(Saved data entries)
★ ★ ★ ★

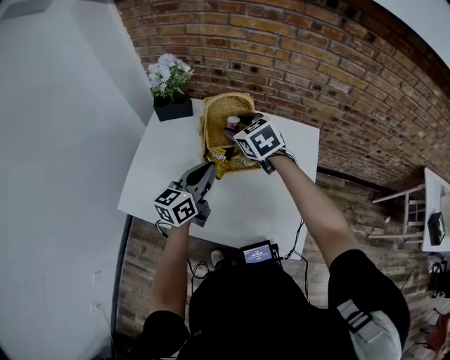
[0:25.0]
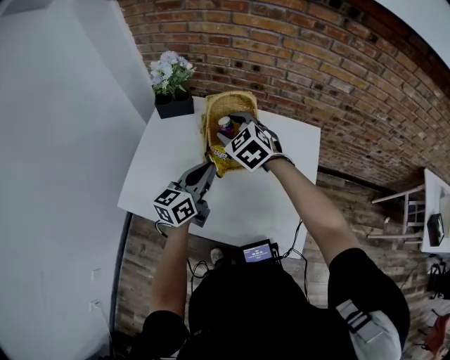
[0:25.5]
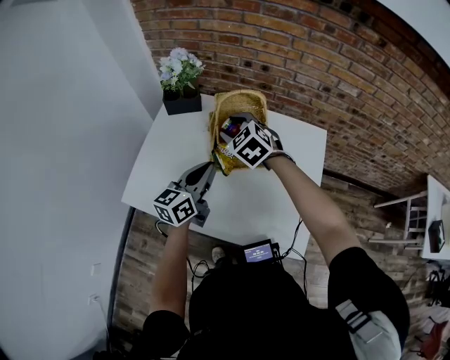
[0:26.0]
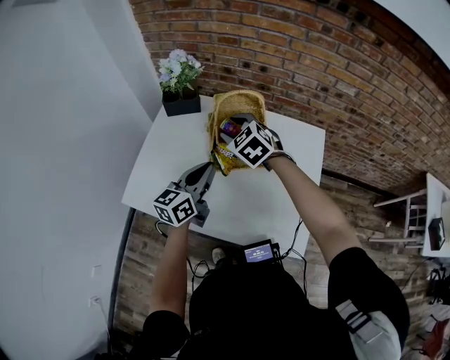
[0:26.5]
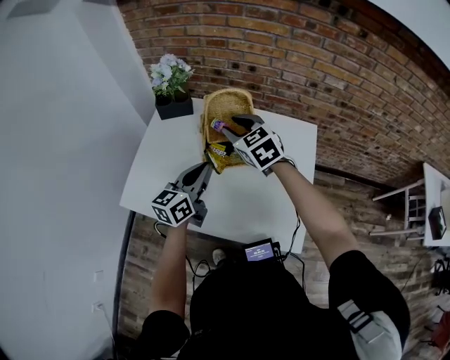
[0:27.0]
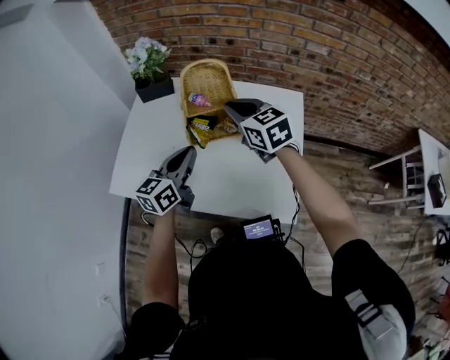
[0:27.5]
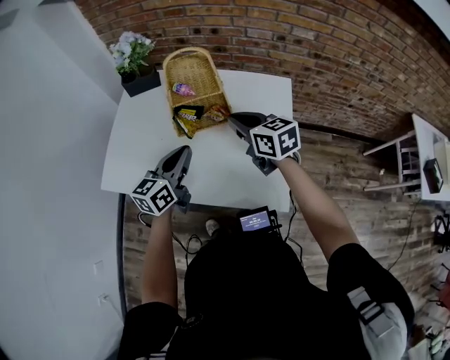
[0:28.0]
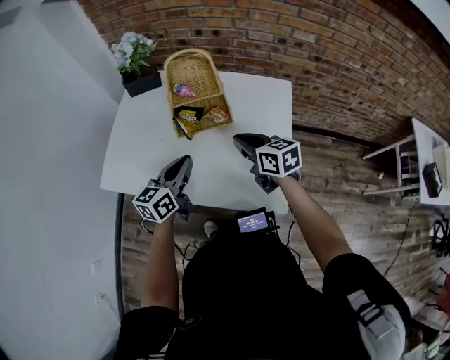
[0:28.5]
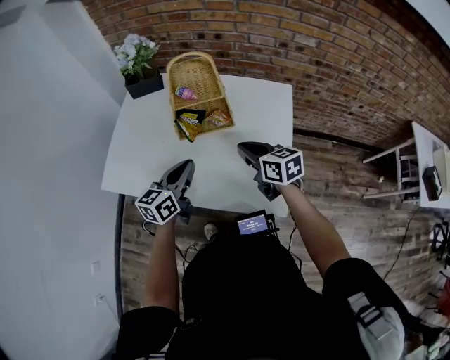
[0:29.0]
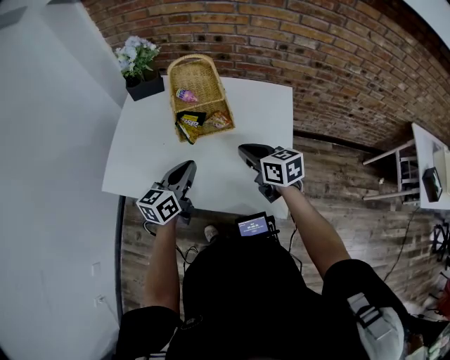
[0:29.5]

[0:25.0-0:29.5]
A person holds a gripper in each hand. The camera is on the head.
0:27.0 to 0:29.5: The right gripper moves backward, to the right and downward, about 20 cm, turns by roughly 40 degrees, and closes up, while the left gripper travels backward and downward by approximately 10 cm.

★ ★ ★ ★

WHAT IS EXPECTED: A faithful copy of the records above, without images, is what to give back.

RESULT OF THIS TASK:
[0:25.0]
[0:25.5]
[0:26.0]
[0:26.5]
[0:27.0]
[0:27.5]
[0:28.0]
[0:28.5]
[0:29.0]
[0:29.5]

[0:25.0-0:29.5]
A person holds a gripper in each hand. The camera is on the head.
0:27.0 to 0:29.5: The right gripper moves backward, to the right and downward, about 20 cm, turns by roughly 40 degrees, and closes up, while the left gripper travels backward and downward by approximately 10 cm.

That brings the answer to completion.